Entries shown =
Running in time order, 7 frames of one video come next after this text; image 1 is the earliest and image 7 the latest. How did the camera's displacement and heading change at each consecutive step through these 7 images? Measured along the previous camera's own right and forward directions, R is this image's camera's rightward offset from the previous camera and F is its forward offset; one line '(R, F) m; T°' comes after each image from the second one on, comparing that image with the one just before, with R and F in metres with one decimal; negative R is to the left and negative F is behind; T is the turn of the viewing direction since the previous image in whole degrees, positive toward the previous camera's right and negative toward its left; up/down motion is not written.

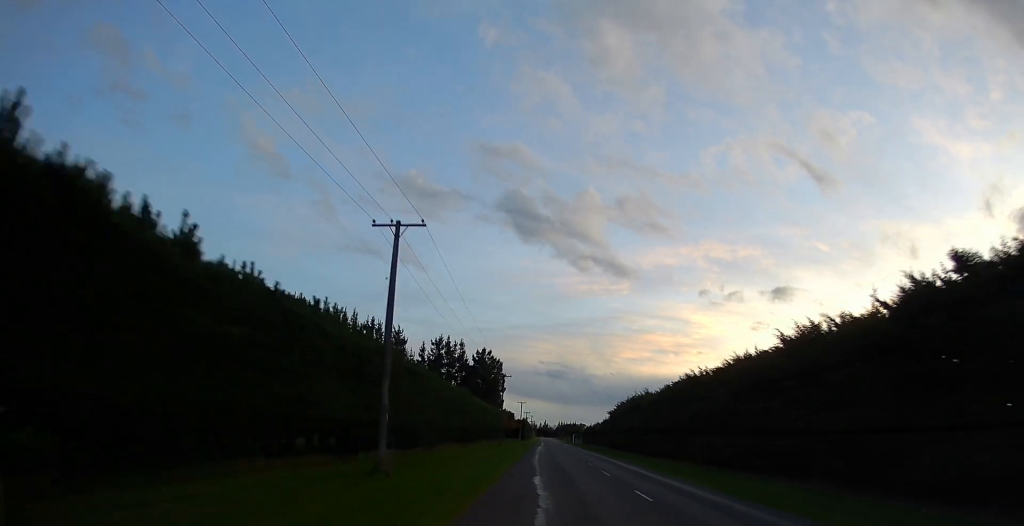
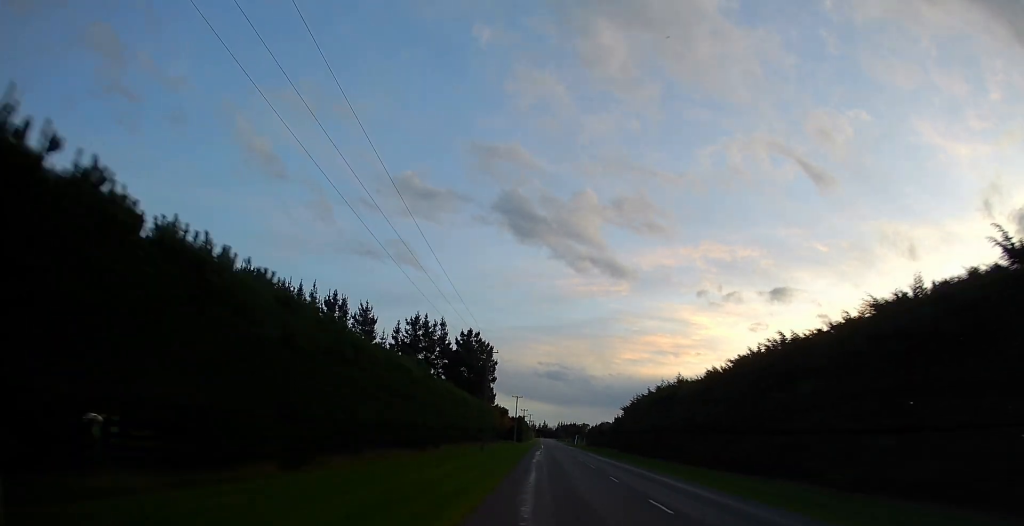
(0.0, +23.1) m; +1°
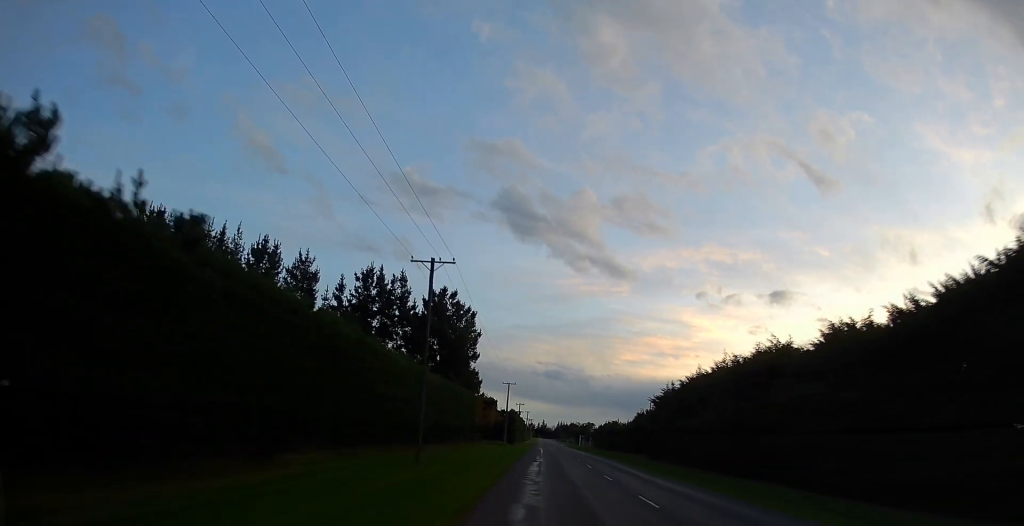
(+0.4, +29.2) m; 0°
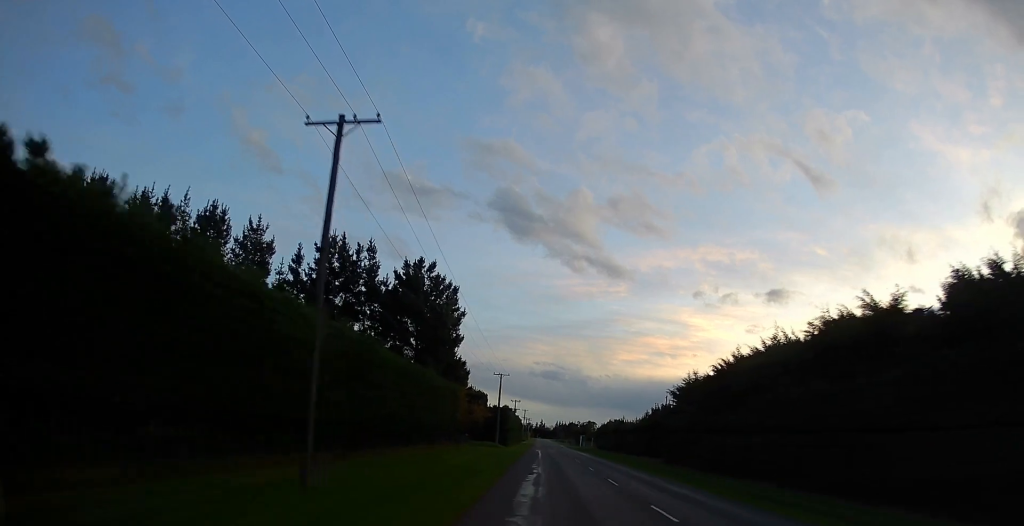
(-0.2, +12.5) m; -1°
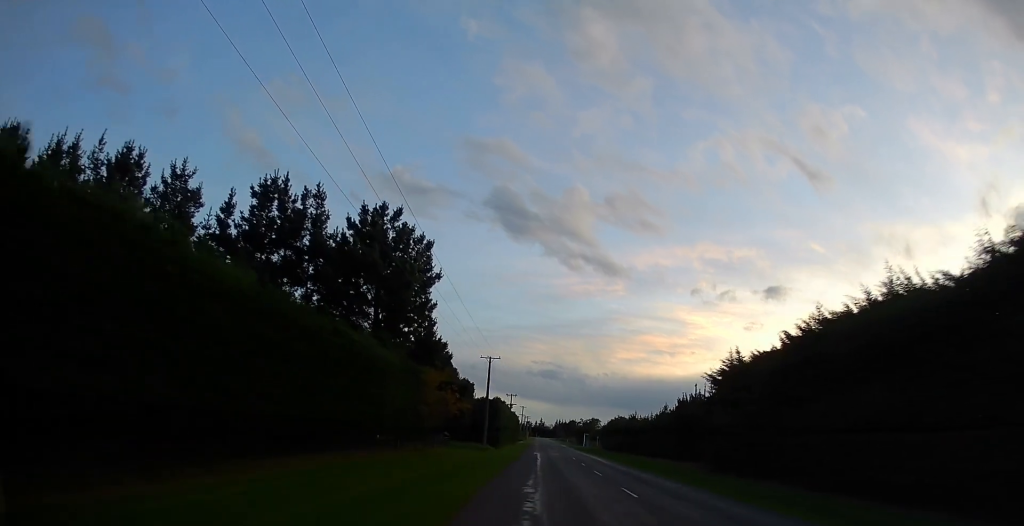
(-0.1, +15.2) m; 0°
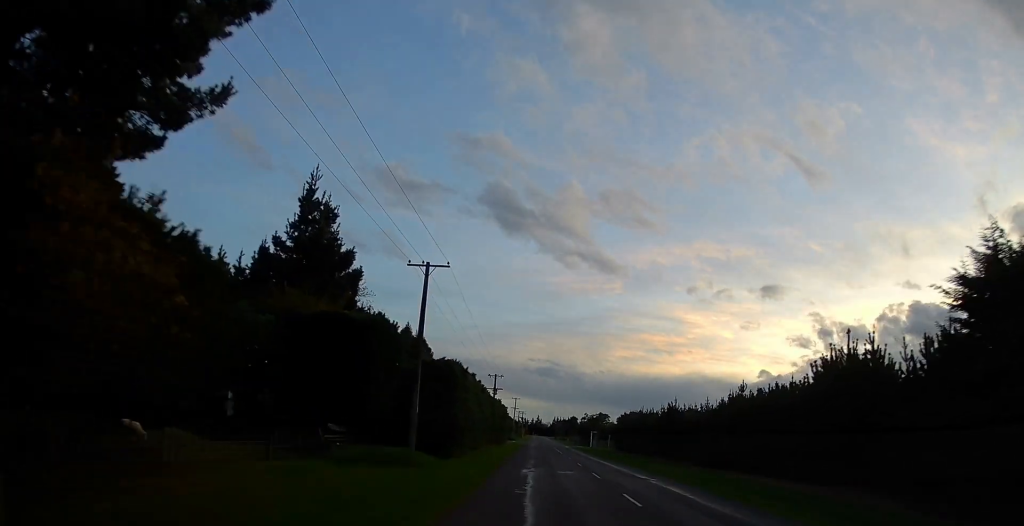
(+1.0, +32.7) m; +1°
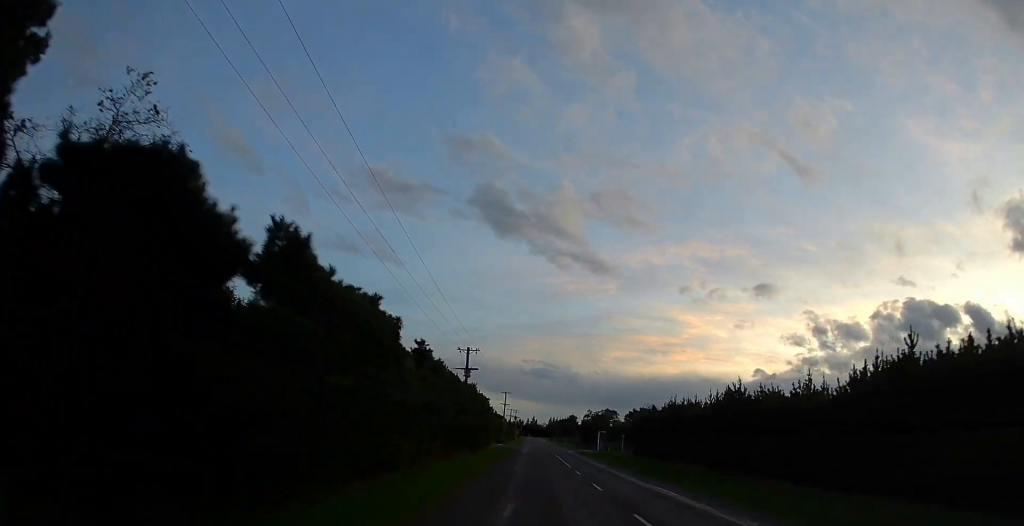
(-0.7, +24.0) m; -1°

What the task asks =
Repeat the listing above exactly, with no pictures.

Solution for this task =
Running in time order, 7 frames of one video come next after this text; image 1 is the earliest and image 7 the latest. How did the camera's displacement and heading change at each consecutive step through these 7 images? Measured along the previous camera's own right and forward directions, R is this image's camera's rightward offset from the previous camera and F is its forward offset; one line '(R, F) m; T°' comes after each image from the second one on, comparing that image with the one just before, with R and F in metres with one decimal; negative R is to the left and negative F is behind; T is the turn of the viewing direction since the previous image in whole degrees, positive toward the previous camera's right and negative toward its left; up/down motion is not written.

(0.0, +23.1) m; +1°
(+0.4, +29.2) m; 0°
(-0.2, +12.5) m; -1°
(-0.1, +15.2) m; 0°
(+1.0, +32.7) m; +1°
(-0.7, +24.0) m; -1°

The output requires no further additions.